# Movie Recommender System - Data Preprocessing & Training

This notebook handles data loading, cleaning, feature extraction, and model training for the Movie Recommender System.

In [None]:
import pandas as pd
import numpy as np
from sklearn.feature_extraction.text import TfidfVectorizer
from sklearn.metrics.pairwise import linear_kernel
import pickle
import ast
import os

## 1. Load Data

In [None]:
movies = pd.read_csv('../data/tmdb_5000_movies.csv')
credits = pd.read_csv('../data/tmdb_5000_credits.csv')

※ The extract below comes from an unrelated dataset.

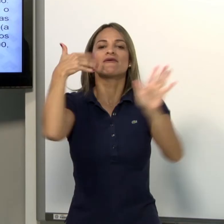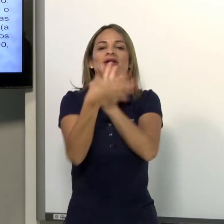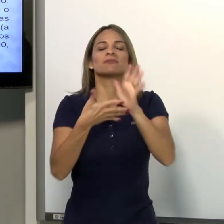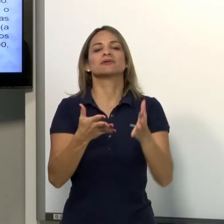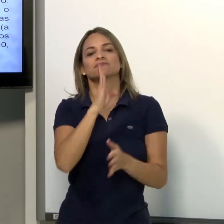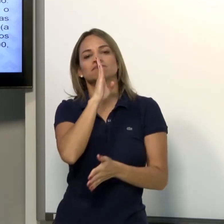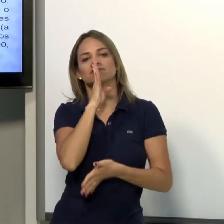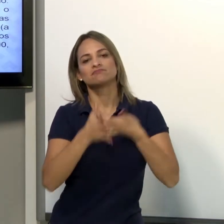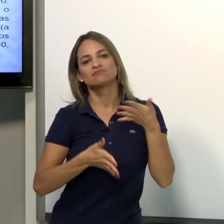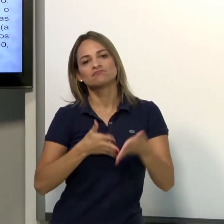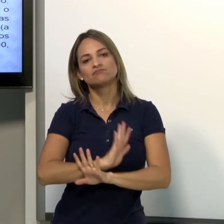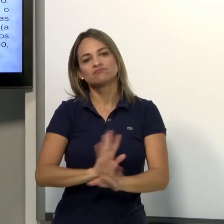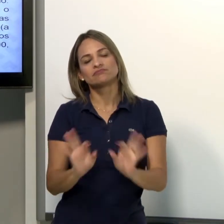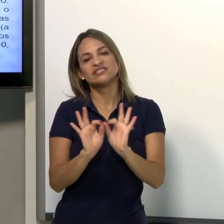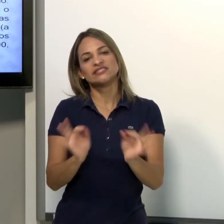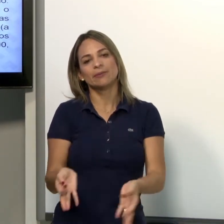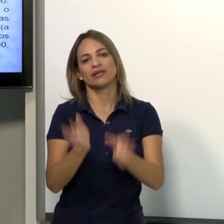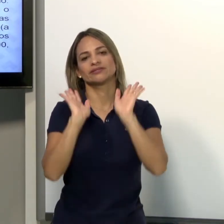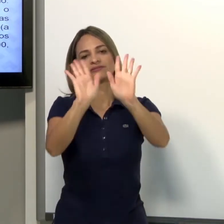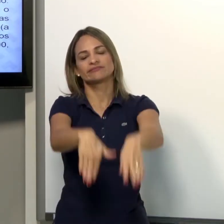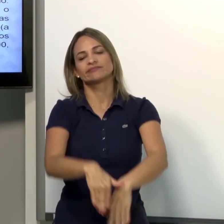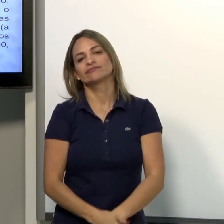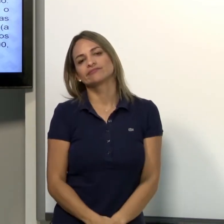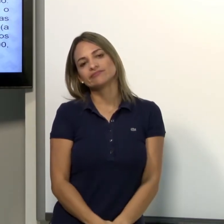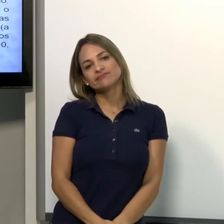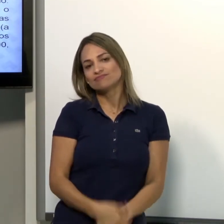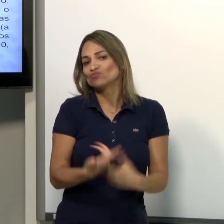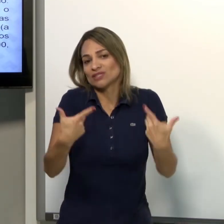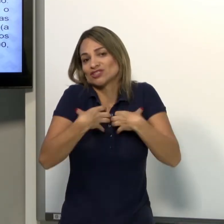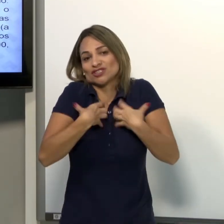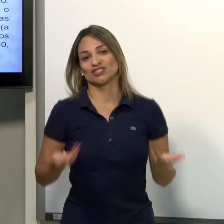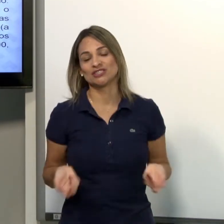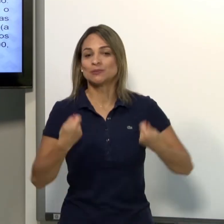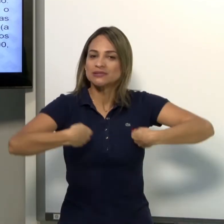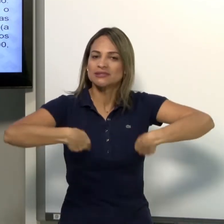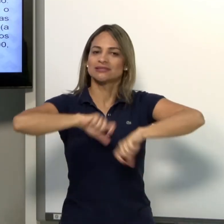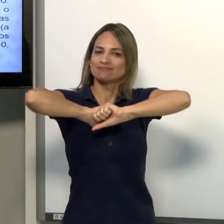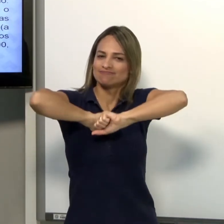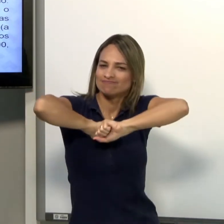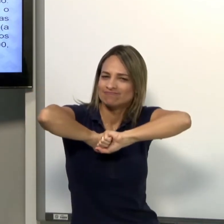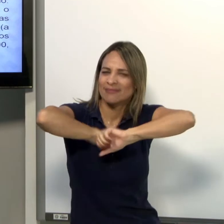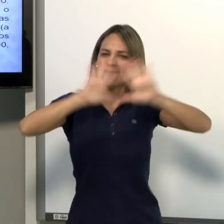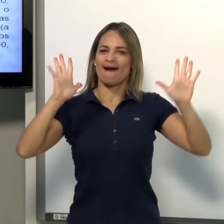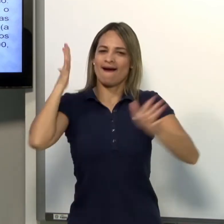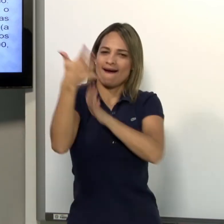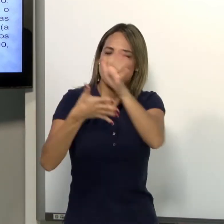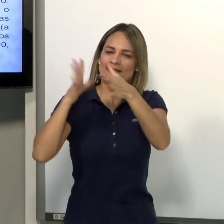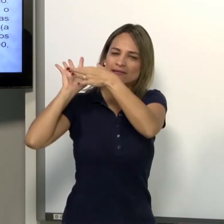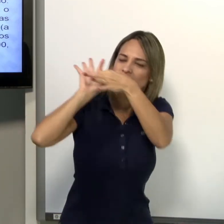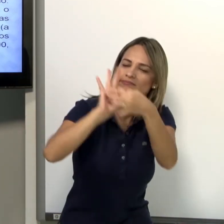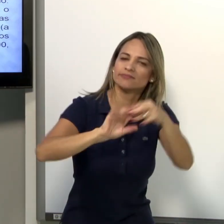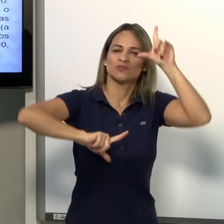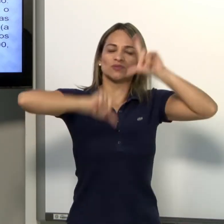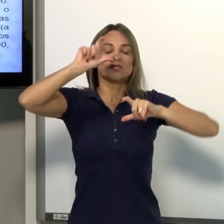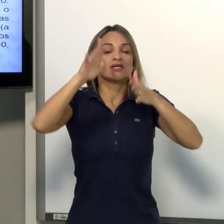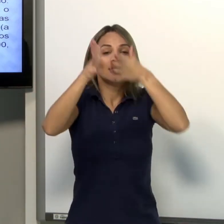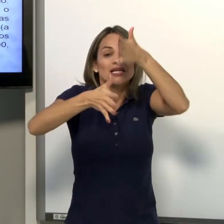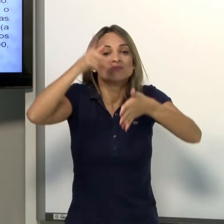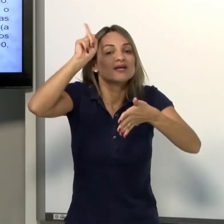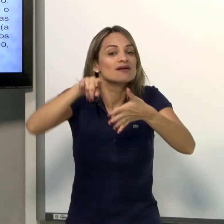corporal. Se eu não uso expressão, não há sentimento, não dá para entender. Então, deve-se sinalizar com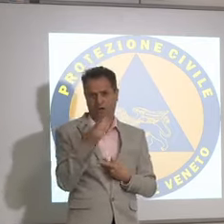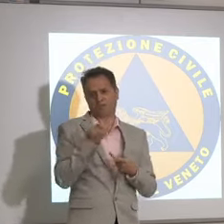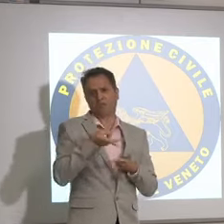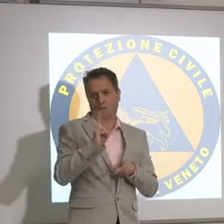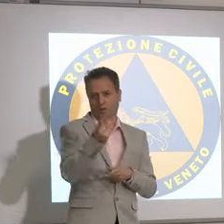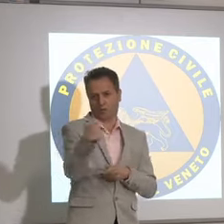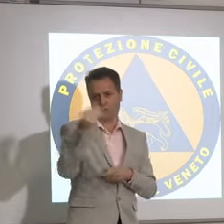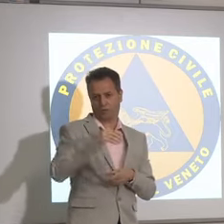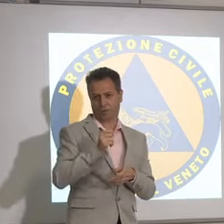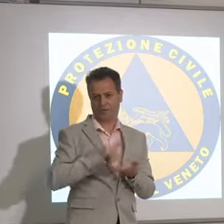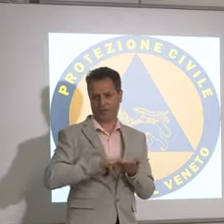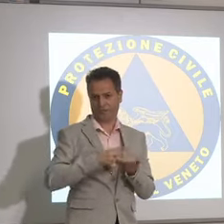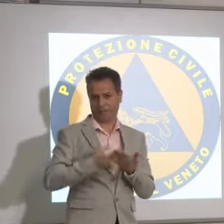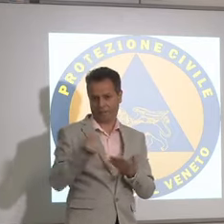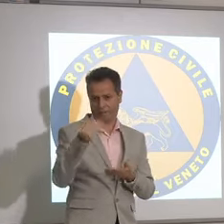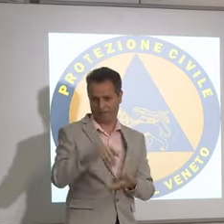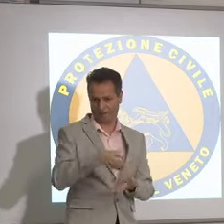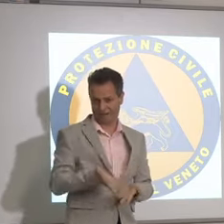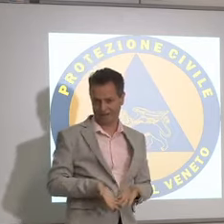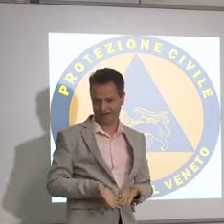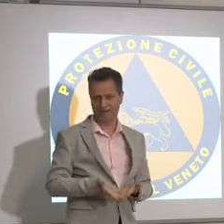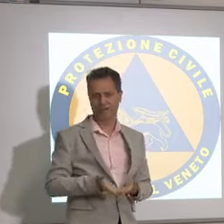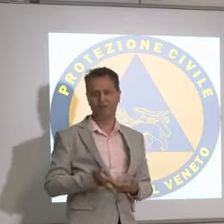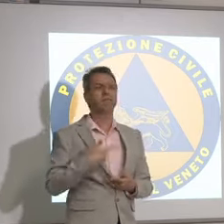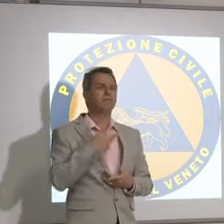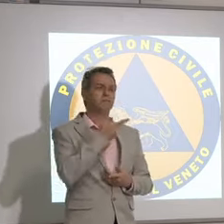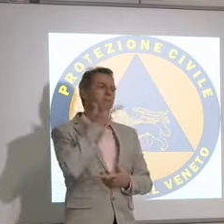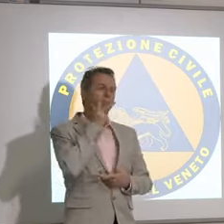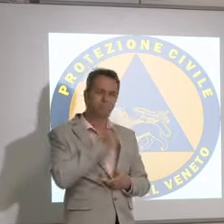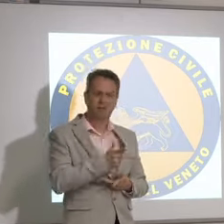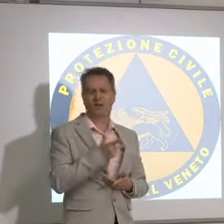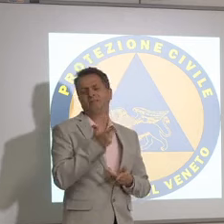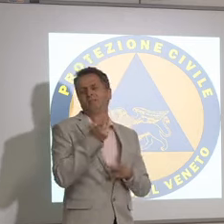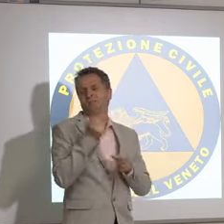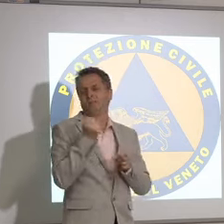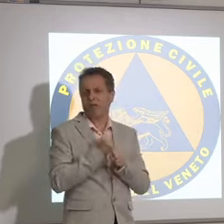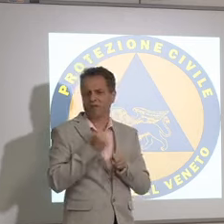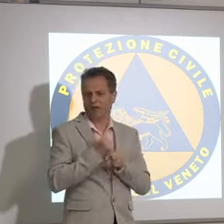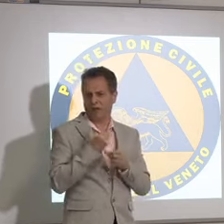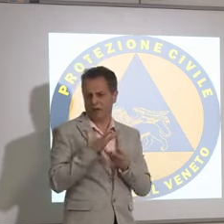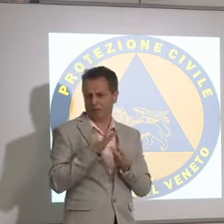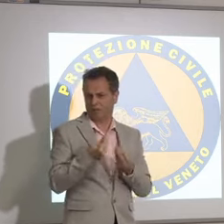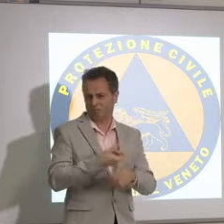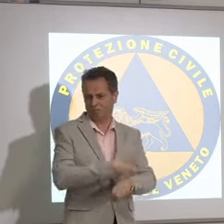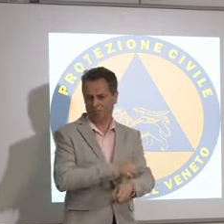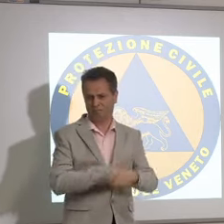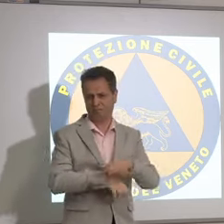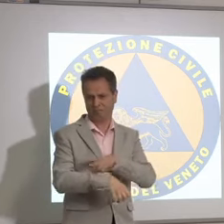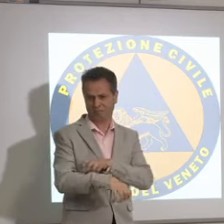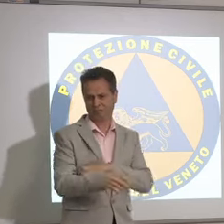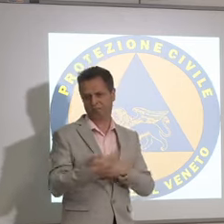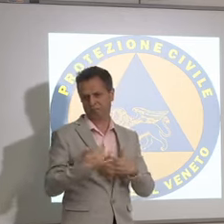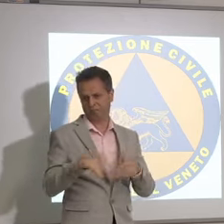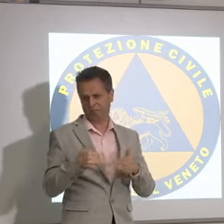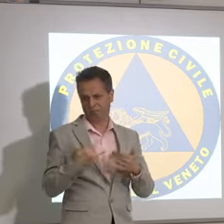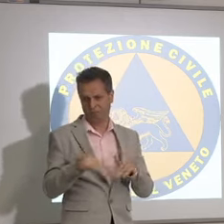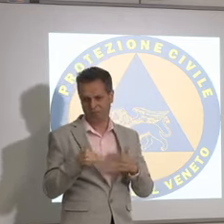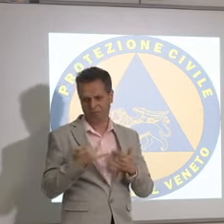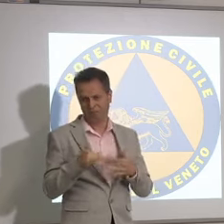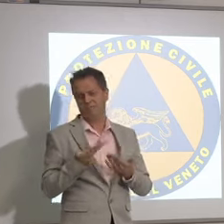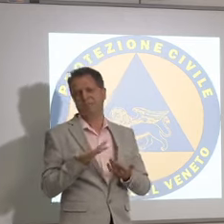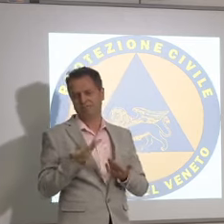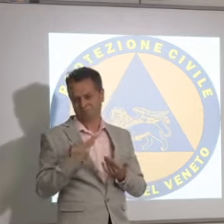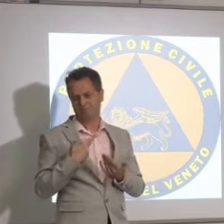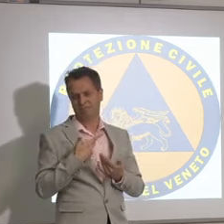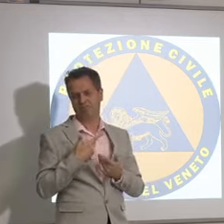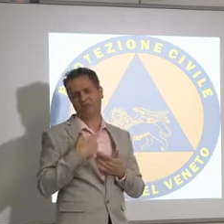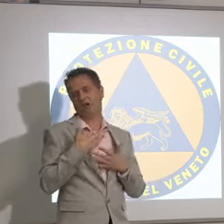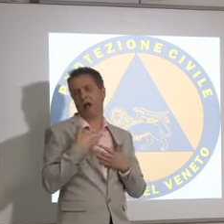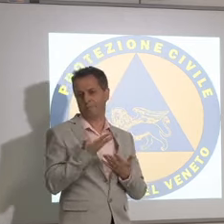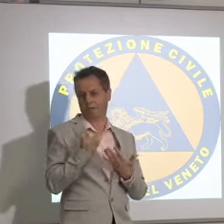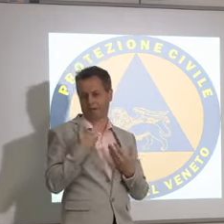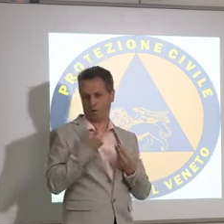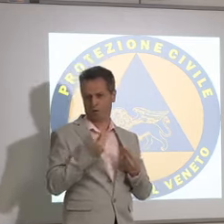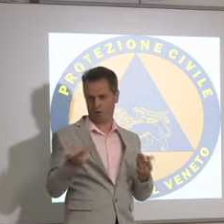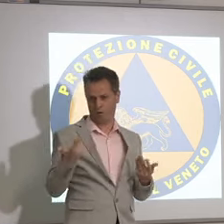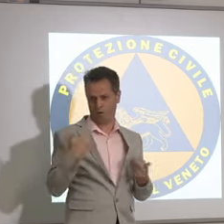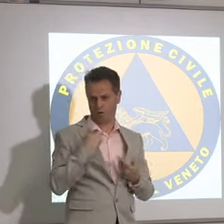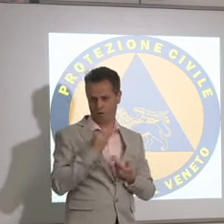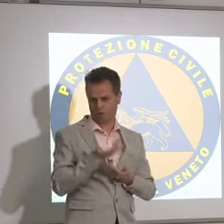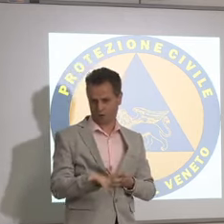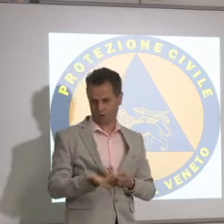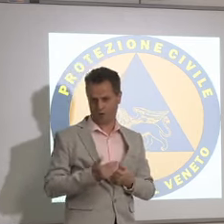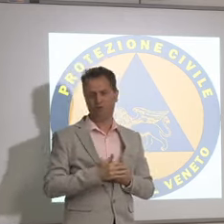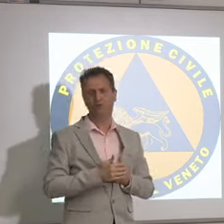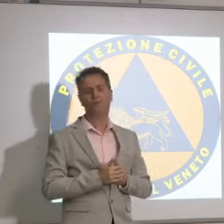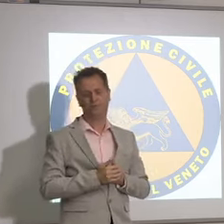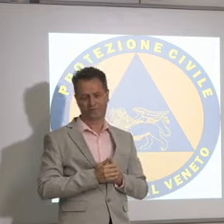e devo ringraziare perché appunto avete messo a disposizione l'interprete dei lingua dei segni lei ha lavorato tantissimo si è rubato

print("Movies shape:", movies.shape)
print("Credits shape:", credits.shape)

## 2. Merge Data

In [None]:
movies = movies.merge(credits, on='title')
print("Merged shape:", movies.shape)

## 3. Data Cleaning & Feature Extraction

In [None]:
# Keep relevant columns
movies = movies[['movie_id', 'title', 'overview', 'genres', 'keywords', 'cast', 'crew', 'vote_average', 'vote_count', 'popularity']]

# Drop missing values
movies.dropna(inplace=True)

# Helper function to extract names from JSON strings
def convert(obj):
    L = []
    for i in ast.literal_eval(obj):
        L.append(i['name'])
    return L

movies['genres'] = movies['genres'].apply(convert)
movies['keywords'] = movies['keywords'].apply(convert)

def convert3(obj):
    L = []
    counter = 0
    for i in ast.literal_eval(obj):
        if counter != 3:
            L.append(i['name'])
            counter += 1
        else:
            break
    return L

movies['cast'] = movies['cast'].apply(convert3)

def fetch_director(obj):
    L = []
    for i in ast.literal_eval(obj):
        if i['job'] == 'Director':
            L.append(i['name'])
            break
    return L

movies['crew'] = movies['crew'].apply(fetch_director)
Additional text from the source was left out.